Wrightia demartiniana
- Conservation status: Near Threatened (IUCN 3.1)

Scientific classification
- Kingdom: Plantae
- Clade: Embryophytes
- Clade: Tracheophytes
- Clade: Spermatophytes
- Clade: Angiosperms
- Clade: Eudicots
- Clade: Asterids
- Order: Gentianales
- Family: Apocynaceae
- Genus: Wrightia
- Species: W. demartiniana
- Binomial name: Wrightia demartiniana Chiov.
- Synonyms: Piaggiaea boranensis Chiov.; Piaggiaea demartiniana (Chiov.) Chiov.; Wrightia boranensis (Chiov.) Cufod.;

= Wrightia demartiniana =

- Genus: Wrightia
- Species: demartiniana
- Authority: Chiov.
- Conservation status: NT
- Synonyms: Piaggiaea boranensis Chiov., Piaggiaea demartiniana (Chiov.) Chiov., Wrightia boranensis (Chiov.) Cufod.

Species of plant

Wrightia demartiniana is a plant in the dogbane family Apocynaceae. It is native to East Africa.

==Description==
Wrightia demartiniana grows as a shrub or small tree up to 5 m tall. Its fragrant flowers feature a white or creamy corolla. The fruit is grey-green with paired follicles, up to 30 cm in diameter. Local traditional medicinal uses include the treatment of kidney problems, gonorrhoea and as a laxative.

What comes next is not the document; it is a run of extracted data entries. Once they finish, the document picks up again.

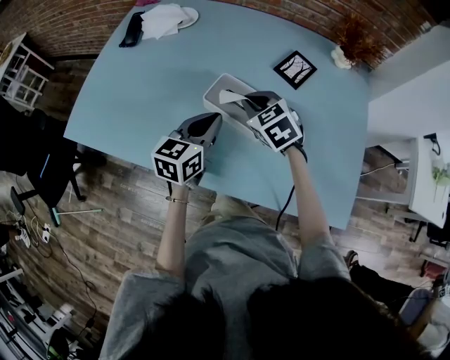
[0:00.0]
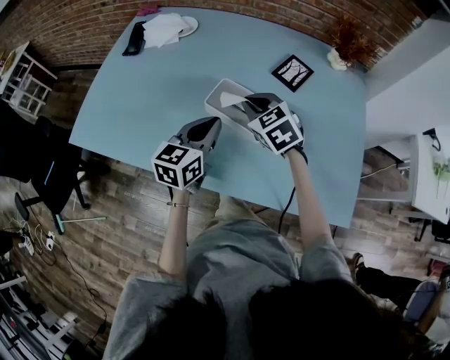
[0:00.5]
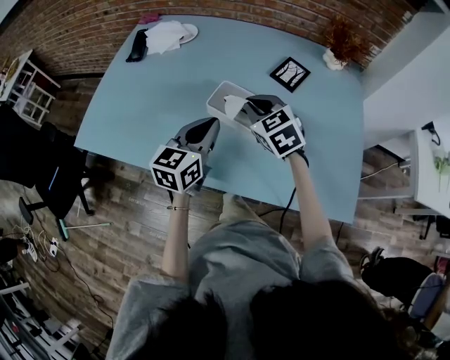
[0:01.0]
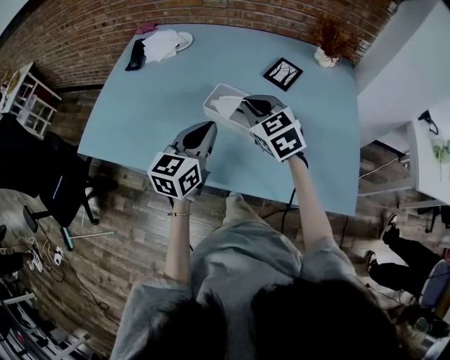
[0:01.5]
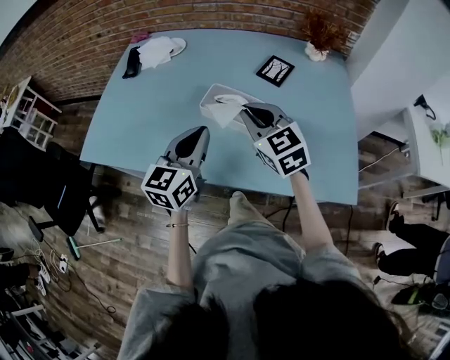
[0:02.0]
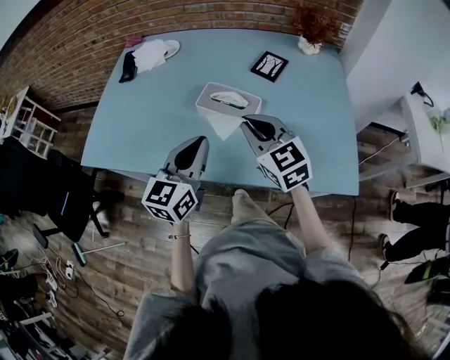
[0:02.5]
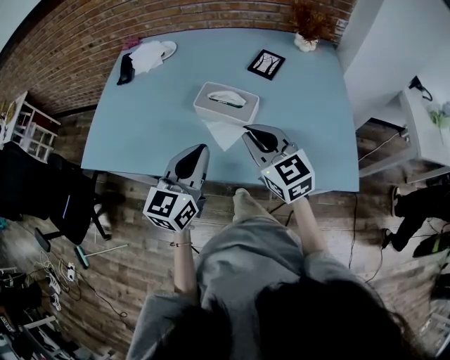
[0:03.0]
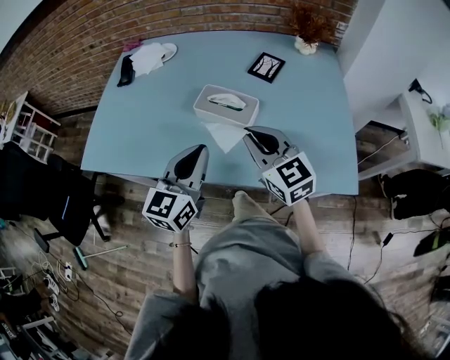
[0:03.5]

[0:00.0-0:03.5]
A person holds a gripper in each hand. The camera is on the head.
0:00.0 to 0:02.0: The right gripper goes roughly 15 cm upward and backward, and swivels some 20 degrees, while the left gripper goes approximately 15 cm backward and upward.
0:02.0 to 0:03.5: The grippers both shift backward by some 5 cm.

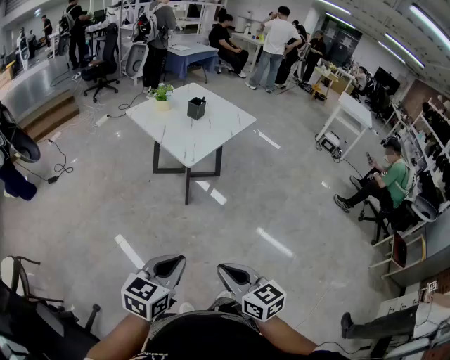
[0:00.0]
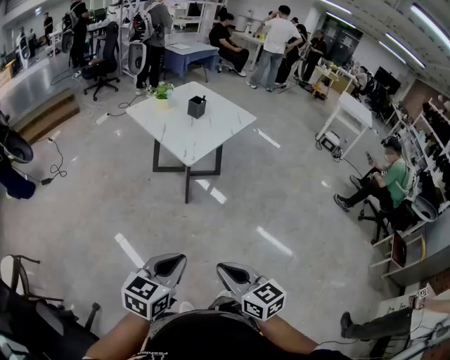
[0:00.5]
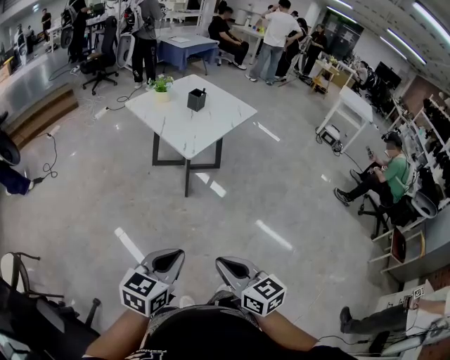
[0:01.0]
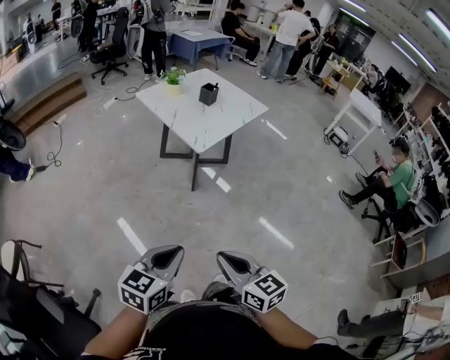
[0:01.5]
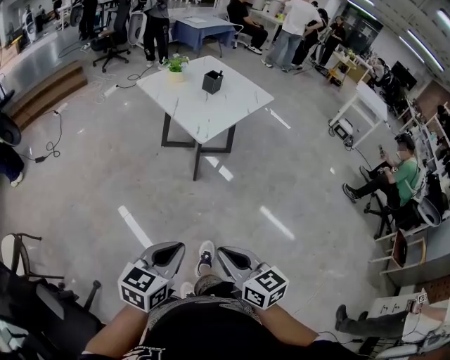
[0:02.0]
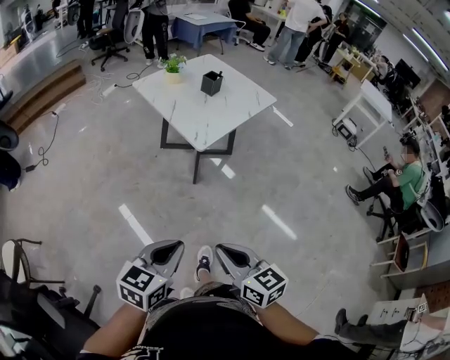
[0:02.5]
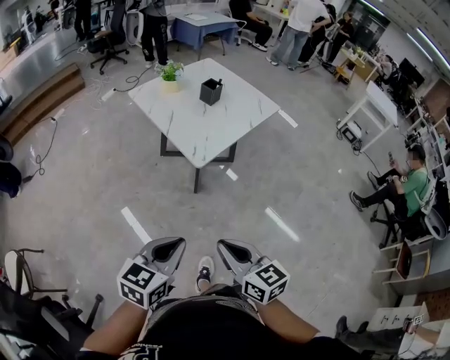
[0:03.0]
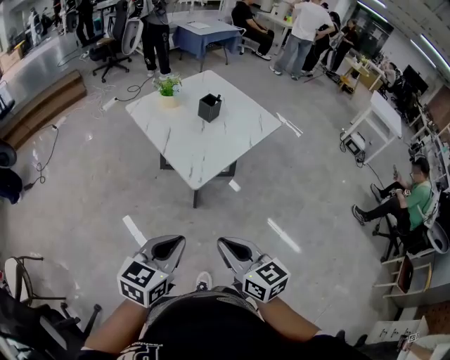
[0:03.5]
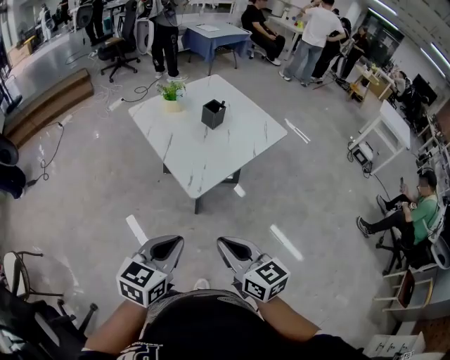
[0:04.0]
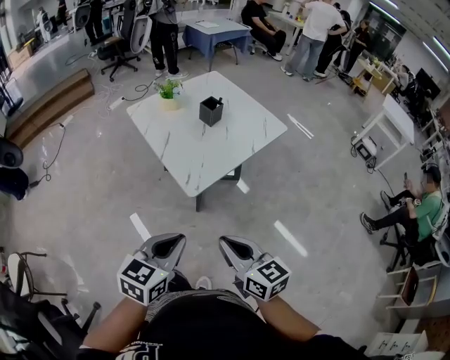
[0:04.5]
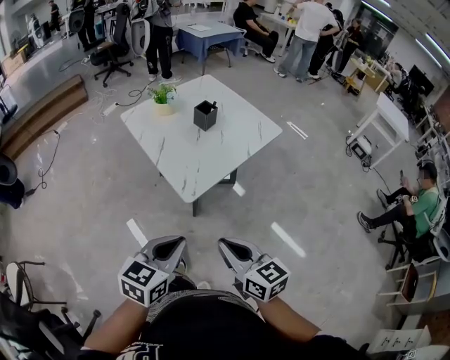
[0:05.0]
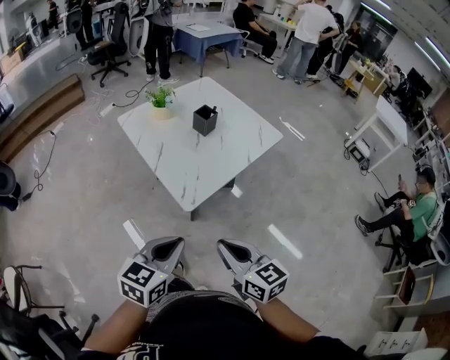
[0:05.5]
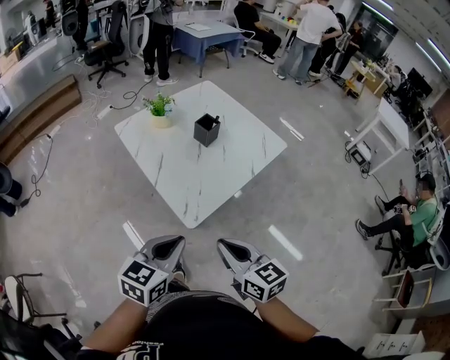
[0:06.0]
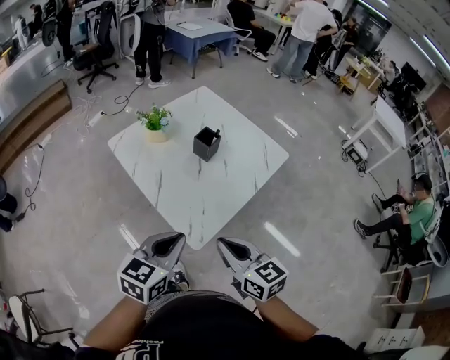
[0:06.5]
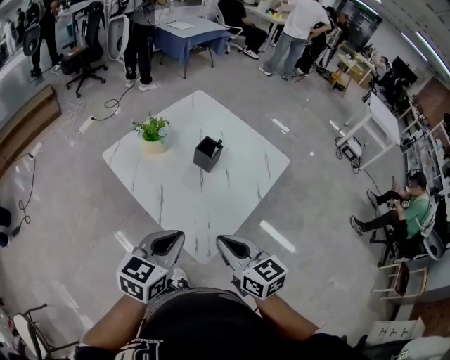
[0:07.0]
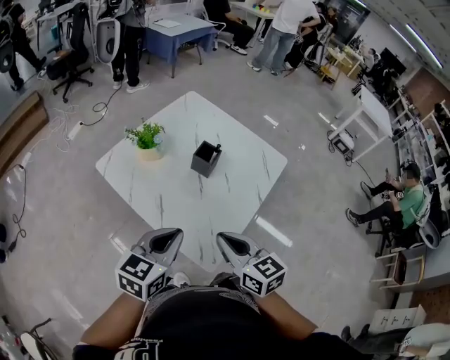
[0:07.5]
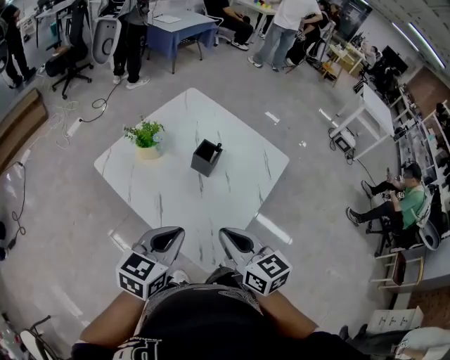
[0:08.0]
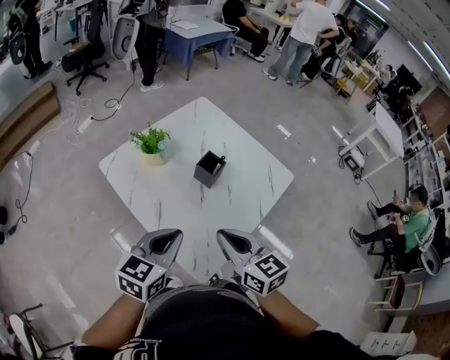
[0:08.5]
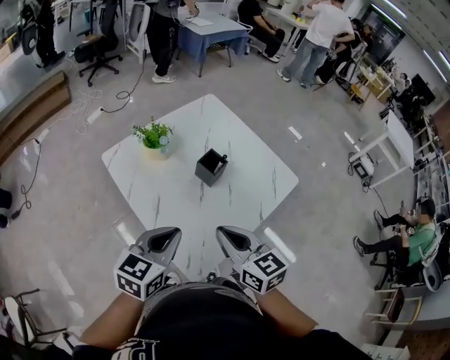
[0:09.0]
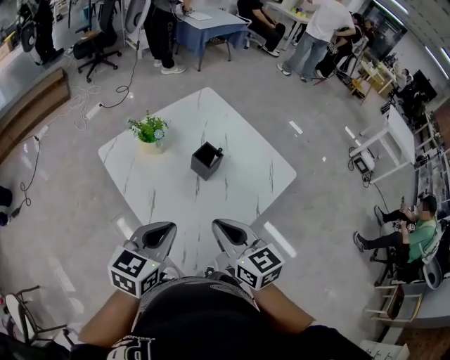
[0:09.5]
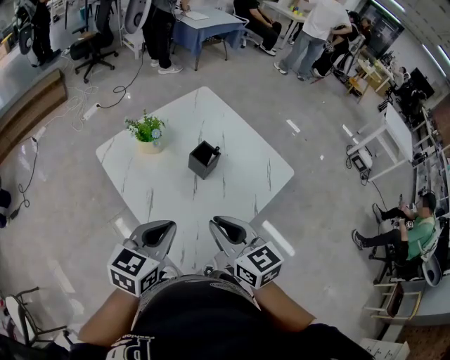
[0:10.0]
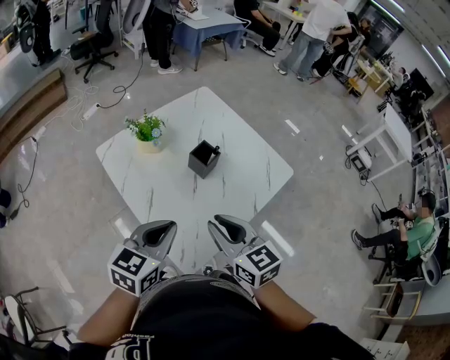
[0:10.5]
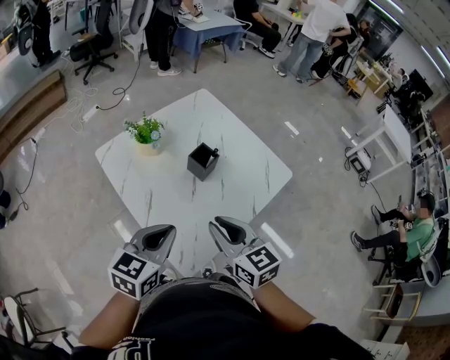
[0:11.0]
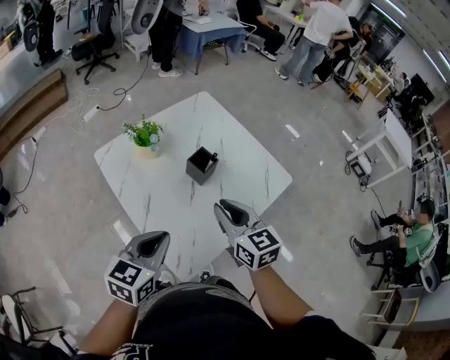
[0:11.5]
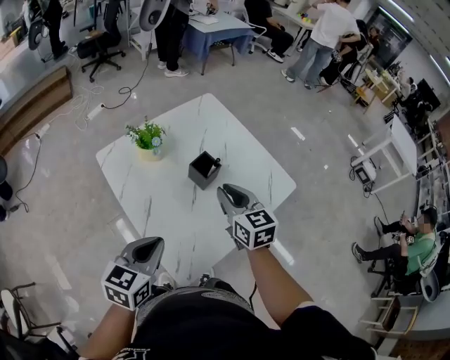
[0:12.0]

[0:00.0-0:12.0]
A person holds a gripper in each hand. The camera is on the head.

==Distribution and habitat==
Wrightia demartiniana is native to Ethiopia, Somalia and Kenya. Its habitat is bushland from 100–1000 m altitude.

==Conservation==
Wrightia demartiniana has been assessed as near threatened on the IUCN Red List. Its habitat is threatened by livestock farming and by harvesting of its wood. However the species is present in two protected areas in Kenya: Kora National Park and Samburu National Park.